## Exercise aim
Omitting the pictures, print every line below exactly as it stands.

+===+

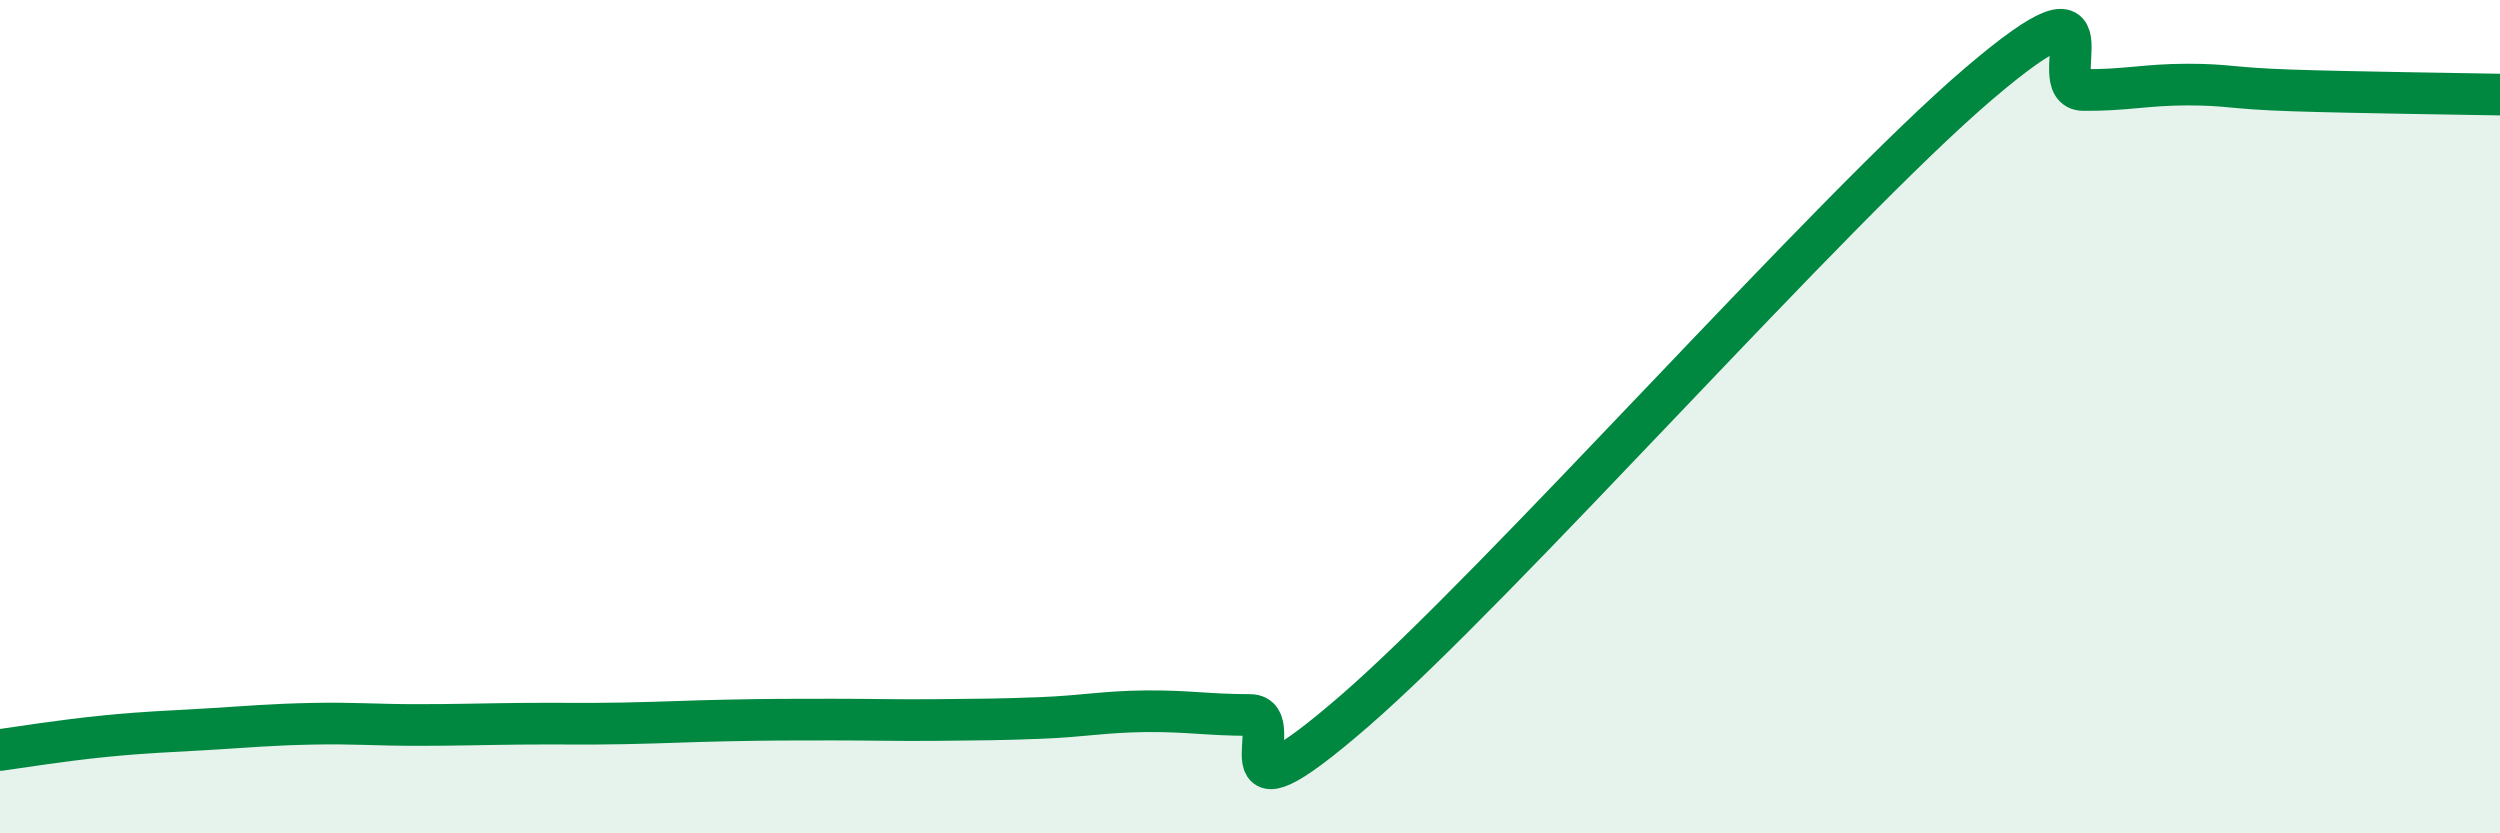 
    <svg width="60" height="20" viewBox="0 0 60 20" xmlns="http://www.w3.org/2000/svg">
      <path
        d="M 0,18 C 0.5,17.93 1.5,17.77 2.5,17.67 C 3.5,17.57 4,17.56 5,17.5 C 6,17.44 6.5,17.39 7.5,17.37 C 8.5,17.35 9,17.4 10,17.4 C 11,17.4 11.5,17.38 12.5,17.37 C 13.5,17.36 14,17.38 15,17.36 C 16,17.34 16.5,17.31 17.5,17.29 C 18.5,17.27 19,17.27 20,17.27 C 21,17.27 21.5,17.29 22.5,17.28 C 23.5,17.27 24,17.27 25,17.23 C 26,17.19 26.5,17.08 27.5,17.07 C 28.5,17.06 29,17.16 30,17.16 C 31,17.16 29,20.1 32.5,17.07 C 36,14.04 44,4.98 47.5,2 C 51,-0.98 49,2.15 50,2.16 C 51,2.17 51.5,2.03 52.5,2.03 C 53.5,2.03 53.5,2.12 55,2.17 C 56.5,2.22 59,2.25 60,2.27L60 20L0 20Z"
        fill="#008740"
        opacity="0.1"
        stroke-linecap="round"
        stroke-linejoin="round"
      />
      <path
        d="M 0,18 C 0.5,17.93 1.5,17.77 2.5,17.67 C 3.5,17.57 4,17.56 5,17.5 C 6,17.44 6.5,17.39 7.5,17.37 C 8.5,17.35 9,17.4 10,17.4 C 11,17.4 11.5,17.38 12.5,17.37 C 13.5,17.36 14,17.38 15,17.36 C 16,17.34 16.5,17.31 17.5,17.29 C 18.5,17.27 19,17.27 20,17.27 C 21,17.27 21.5,17.29 22.5,17.28 C 23.5,17.27 24,17.27 25,17.23 C 26,17.19 26.5,17.08 27.5,17.07 C 28.5,17.06 29,17.16 30,17.16 C 31,17.16 29,20.1 32.5,17.07 C 36,14.04 44,4.98 47.5,2 C 51,-0.98 49,2.15 50,2.16 C 51,2.17 51.5,2.03 52.5,2.03 C 53.5,2.03 53.5,2.12 55,2.17 C 56.5,2.22 59,2.25 60,2.27"
        stroke="#008740"
        stroke-width="1"
        fill="none"
        stroke-linecap="round"
        stroke-linejoin="round"
      />
    </svg>

+===+

## Solution for this exercise
    <svg width="60" height="20" viewBox="0 0 60 20" xmlns="http://www.w3.org/2000/svg">
      <path
        d="M 0,18 C 0.5,17.93 1.5,17.77 2.5,17.67 C 3.5,17.57 4,17.56 5,17.5 C 6,17.44 6.5,17.39 7.5,17.37 C 8.5,17.35 9,17.4 10,17.4 C 11,17.4 11.5,17.38 12.5,17.37 C 13.5,17.36 14,17.38 15,17.36 C 16,17.34 16.5,17.31 17.5,17.29 C 18.5,17.27 19,17.27 20,17.27 C 21,17.27 21.5,17.29 22.5,17.28 C 23.5,17.27 24,17.27 25,17.23 C 26,17.19 26.5,17.08 27.5,17.07 C 28.5,17.06 29,17.16 30,17.16 C 31,17.16 29,20.1 32.5,17.07 C 36,14.04 44,4.98 47.5,2 C 51,-0.98 49,2.15 50,2.16 C 51,2.17 51.5,2.03 52.5,2.03 C 53.5,2.03 53.5,2.12 55,2.17 C 56.5,2.22 59,2.25 60,2.27L60 20L0 20Z"
        fill="#008740"
        opacity="0.1"
        stroke-linecap="round"
        stroke-linejoin="round"
      />
      <path
        d="M 0,18 C 0.5,17.93 1.5,17.77 2.5,17.67 C 3.5,17.57 4,17.56 5,17.5 C 6,17.44 6.5,17.39 7.5,17.37 C 8.5,17.35 9,17.4 10,17.4 C 11,17.4 11.5,17.38 12.5,17.37 C 13.5,17.36 14,17.38 15,17.36 C 16,17.34 16.5,17.31 17.5,17.29 C 18.5,17.27 19,17.27 20,17.27 C 21,17.27 21.5,17.29 22.5,17.28 C 23.5,17.27 24,17.27 25,17.23 C 26,17.19 26.5,17.08 27.5,17.07 C 28.5,17.06 29,17.16 30,17.16 C 31,17.16 29,20.1 32.5,17.07 C 36,14.04 44,4.98 47.5,2 C 51,-0.98 49,2.15 50,2.16 C 51,2.17 51.5,2.03 52.5,2.03 C 53.5,2.03 53.5,2.12 55,2.17 C 56.5,2.22 59,2.25 60,2.27"
        stroke="#008740"
        stroke-width="1"
        fill="none"
        stroke-linecap="round"
        stroke-linejoin="round"
      />
    </svg>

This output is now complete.